Each deployment is specified in a single file. For example,
foobar-azure-us-east-preprod.yml
defines all the overrides and
specialization for the us-east preprod environment in Azure. This
eliminates the multi-file confusion and "what goes where"
questions.
Multiple levels of commonality are handled via spruce merge
and prefix matching. When generating the manifest for a given
environment, Genesis v2 will treat the file name as a hyphenated
list of name components, and attempt to merge each found prefix
file, in order of least specific to most specific.
Here's an example. To generate the manifest for
foobar-azure-us-east-preprod
, Genesis would look at the following
files, in order:
- foobar.yml
- foobar-azure.yml (which does not exist in our example)
- foobar-azure-us.yml
- foobar-azure-us-east.yml (again, not extant)
- foobar-azure-us-east-preprod.yml
This allows configuration affecting all Ford sites to live in
foobar.yml
, but still be overridden by the site (foobar-azure-us)
and environment levels. Allowing arbitrary numbers of levels
affoobars us more flexibility than the global/site/env convention of
Genesis v1.
global/ has been replaced by Genesis Kits. Global is where most of our configuration normally lives. For Genesis v2, we want to bundle up these files and distribute them as a separate artifact, the outcome of a process of release engineering, whereby Stark & Wayne consultants determine the best practices for deploying BOSH releases, and codify those best practices using judicious use of Spruce, Vault and some custom glue scripts.
Unlike Genesis v1 deployment templates, Genesis v2 Kits are versioned, and distributed as opaque archives. Really, these are gzipped (or xz'd) tarballs that will be expanded for merges. The salient point is that these are opaque and versioned.
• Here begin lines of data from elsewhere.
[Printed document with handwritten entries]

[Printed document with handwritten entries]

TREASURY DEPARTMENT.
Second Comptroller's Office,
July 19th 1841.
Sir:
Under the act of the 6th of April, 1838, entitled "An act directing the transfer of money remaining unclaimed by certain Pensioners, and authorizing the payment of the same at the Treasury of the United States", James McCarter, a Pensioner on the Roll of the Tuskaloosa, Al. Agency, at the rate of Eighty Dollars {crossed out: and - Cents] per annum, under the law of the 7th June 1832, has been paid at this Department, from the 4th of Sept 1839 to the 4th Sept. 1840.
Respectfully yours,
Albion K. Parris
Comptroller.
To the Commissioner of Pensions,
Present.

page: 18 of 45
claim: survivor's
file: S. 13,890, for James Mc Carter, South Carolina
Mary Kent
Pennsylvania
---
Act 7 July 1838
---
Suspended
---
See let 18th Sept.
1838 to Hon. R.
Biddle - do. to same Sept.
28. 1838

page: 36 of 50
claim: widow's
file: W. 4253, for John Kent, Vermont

By being opaque, client operators will avoid modifying them, helping to ensure that they do not deviate from the vision of Stark & Wayne, and essentially fork the kit at the espense of future upgrades.
Versioning these kits means CI pipelines and release notes. Having a CI pipeline that is controlling the official releases allows us to inject whatever method of testing we want to, and have that automated for every commit. Hopefully, these tests will vet our Kits for various scenarios like "a new deployment should succeed" and "upgrades from v1.4 to v1.5 work ok". Making the release process explicit will also force us to write release notes, and better documentation on how to use the kits.
Final BOSH manifests live under manifests/. Since we have no directory structure to speak of, the manifests have to live somewhere. These manifests will be sabotaged so that they cannot easily be used to directly deploy via BOSH. This lets us reap the benefit of having a commited manifest, without running the risk of someone attempting to circumvent the merge structure. In the case of Vaultified deployments, such activity is incredibly harmful.